Ask GP for 25mcg dose increase and bloods retested in 6 weeks
Dose should be increased in 25mcg steps, retesting 6-8 weeks later each time, until TSH is roughly between 0.2-1.0 and FT4 towards top of range and FT3 at least half way in range
Dr Toft, past president of the British Thyroid Association and leading endocrinologist, states in Pulse Magazine,
"The appropriate dose of levothyroxine is that which restores euthyroidism and serum TSH to the lower part of the reference range - 0.2-0.5mU/l.
In this case, free thyroxine is likely to be in the upper part of its reference range or even slightly elevated – 18-22pmol/l.
Most patients will feel well in that circumstance. But some need a higher dose of levothyroxine to suppress serum TSH and then the serum-free T4 concentration will be elevated at around 24-28pmol/l.
This 'exogenous subclinical hyperthyroidism' is not dangerous as long as serum T3 is unequivocally normal – that is, serum total around T3 1.7nmol/l (reference range 1.0-2.2nmol/l)."

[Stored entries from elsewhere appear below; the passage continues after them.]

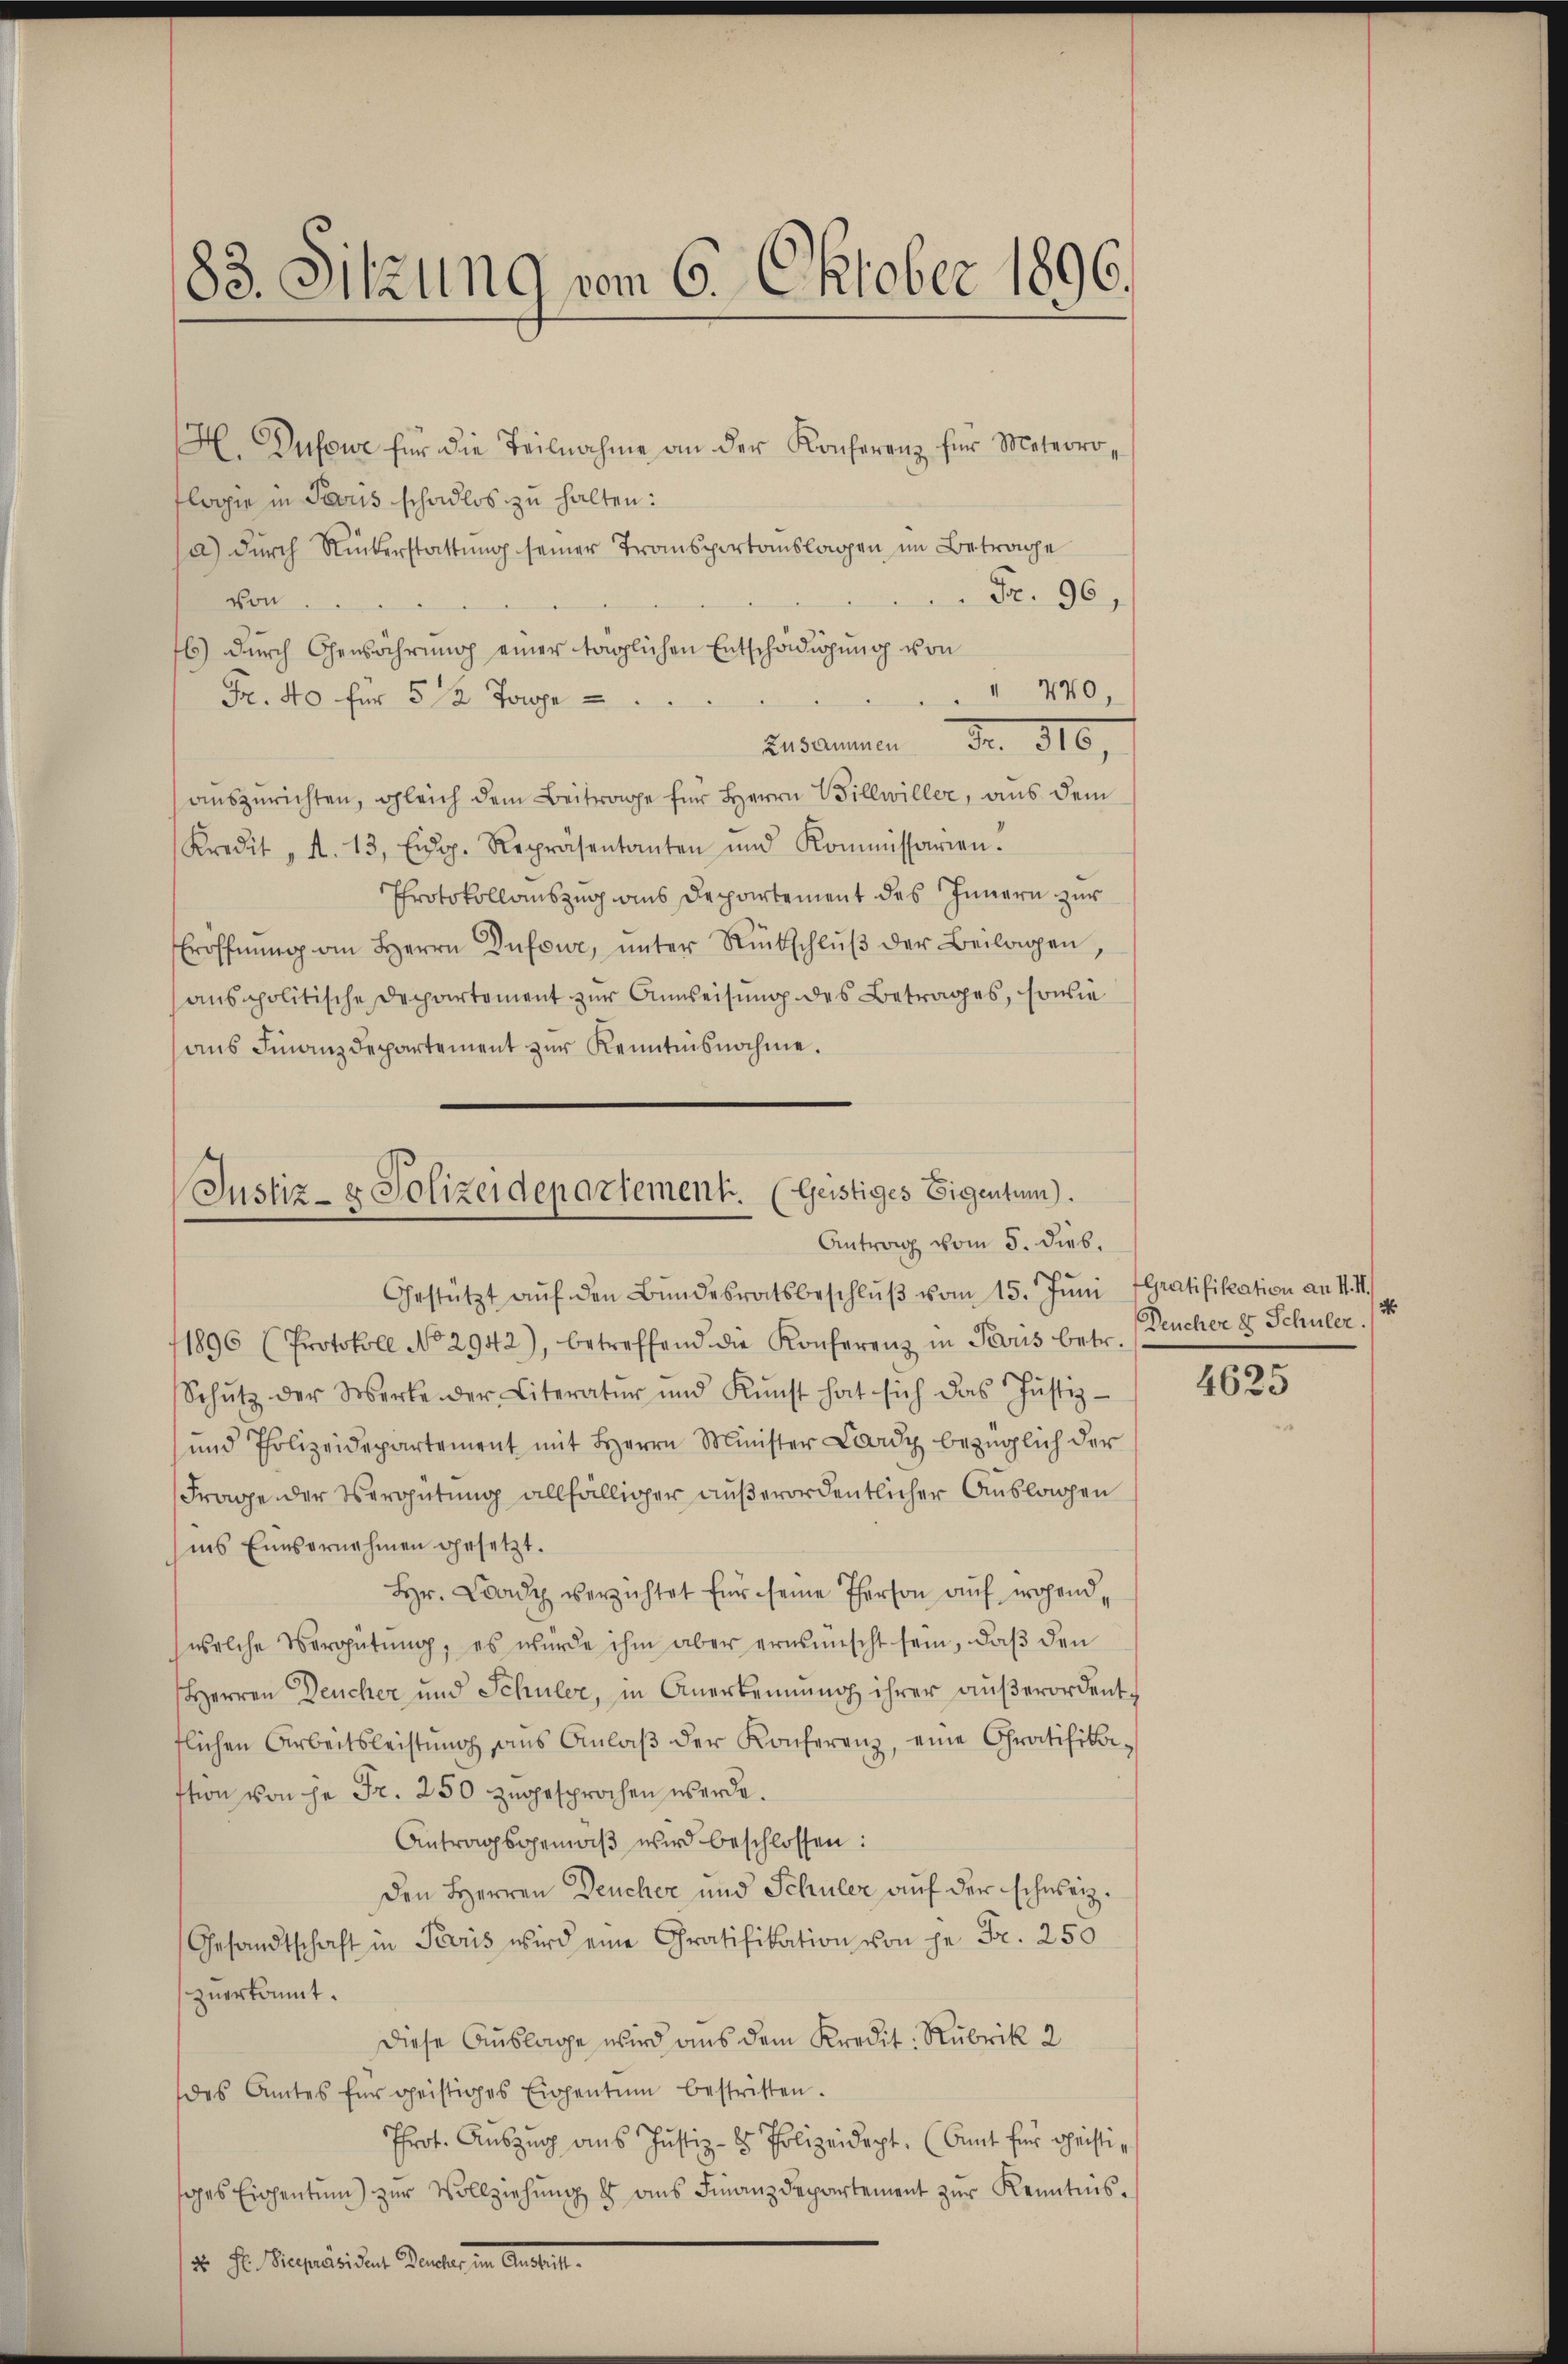
83. Sitzung vom 6. Oktober 1896.

H. Dufowe für die Teilnahme an der Konferenz für Meteoroflopie in Tous schadlos zu halten:
a) Durch Rikerstattung seiner Transportauslagen im Betrage
Fr. 96,
von
6) durch Oensährung einer täglichen Entschädigung von
 440,
Fr. 40 für 5 1/2 Torpe
Zusammen Fr. 316,
auszurichten, gleich dem Beitrage für Herrn Billwiller, aus dem
Kredit „A. 13, Eidg. Repräsentanten und Kommissarien.
Protokollauszug aus Departement des Innern zur
Eröffnŭng an Herrn Dufour, ŭnter Rückschlŭβ der Beilagen,
anspolitische Departement zur Anweisung des Betrages, sowie
aus Finanzdepartement zur Kenntnisnahme.

Justiz- & Polizeidepartement. (Geistiges Eigentum).
Antrag vom 5. Dieb.
Gestützt aŭf den Bŭndesratsbeschlŭβ vom 15. Jŭni pratifikation an H. M.

1896 (Protokoll No 2942), betreffend die Konferenz in Paris betr. (Deucher & Schüler
Schŭtz der Werke der Literatŭr ŭnd Kunst hat sich das Justiz-
und Polizeidepartement mit Herrn Minister Lardy bezüglich der
Frage der Vergütung allfälliger außerordentlicher Auslagen
ins Einsernehmen gesetzt.
Hr. Lardy verzichtet für seine Person auf wohend,
welche Vergütŭng, es würde ihm aber erwünscht sein, daβ den
Herren Deucher und Schuler, in Anerkennung ihrer aŭβerordent-
tlichen Arbeitsleistung ans Anlaβ der Konferenz, eine Gratifikastion von je Fr. 250 zugesprochen werde.
Antragsgemäβ wird beschlossen:
Den Herren Deucher und Schüler auf der schweiz.
Gesandtschaft in Paris wird eine Gratifikation von je Fr. 250
zuerkannt.
Diese Auslage wird aus dem Kredit: Rubrik 2
des Amtes für geistiges Eigentum bestritten.
Prot. Aŭszŭg ans Justiz- & Polizeidept. (Amt für Christiges Eigentum) zŭr Vollziehŭng u aŭs Finanzdepartement zŭr Kenntnis¬
Dr. Fr. Repräsident Daneben in Antis

2

4625

You can obtain a copy of the articles from Thyroid UK email print it and highlight question 6 to show your doctor please email Dionne: at
tukadmin@thyroiduk.org
Low vitamin levels are extremely common consequence of being under medicated
Typical Low vitamins due to under medication and detailed supplements advice
She may actually crave chocolate for its fats and magnesium, not sugar - both things we are often deficient in. She is undermedicated to have such a high TSH, should be under 1. You might want to get a copy of the Dr Toft Pulse article from TUK and show it your GP while asking for a 25mcg increase in dose.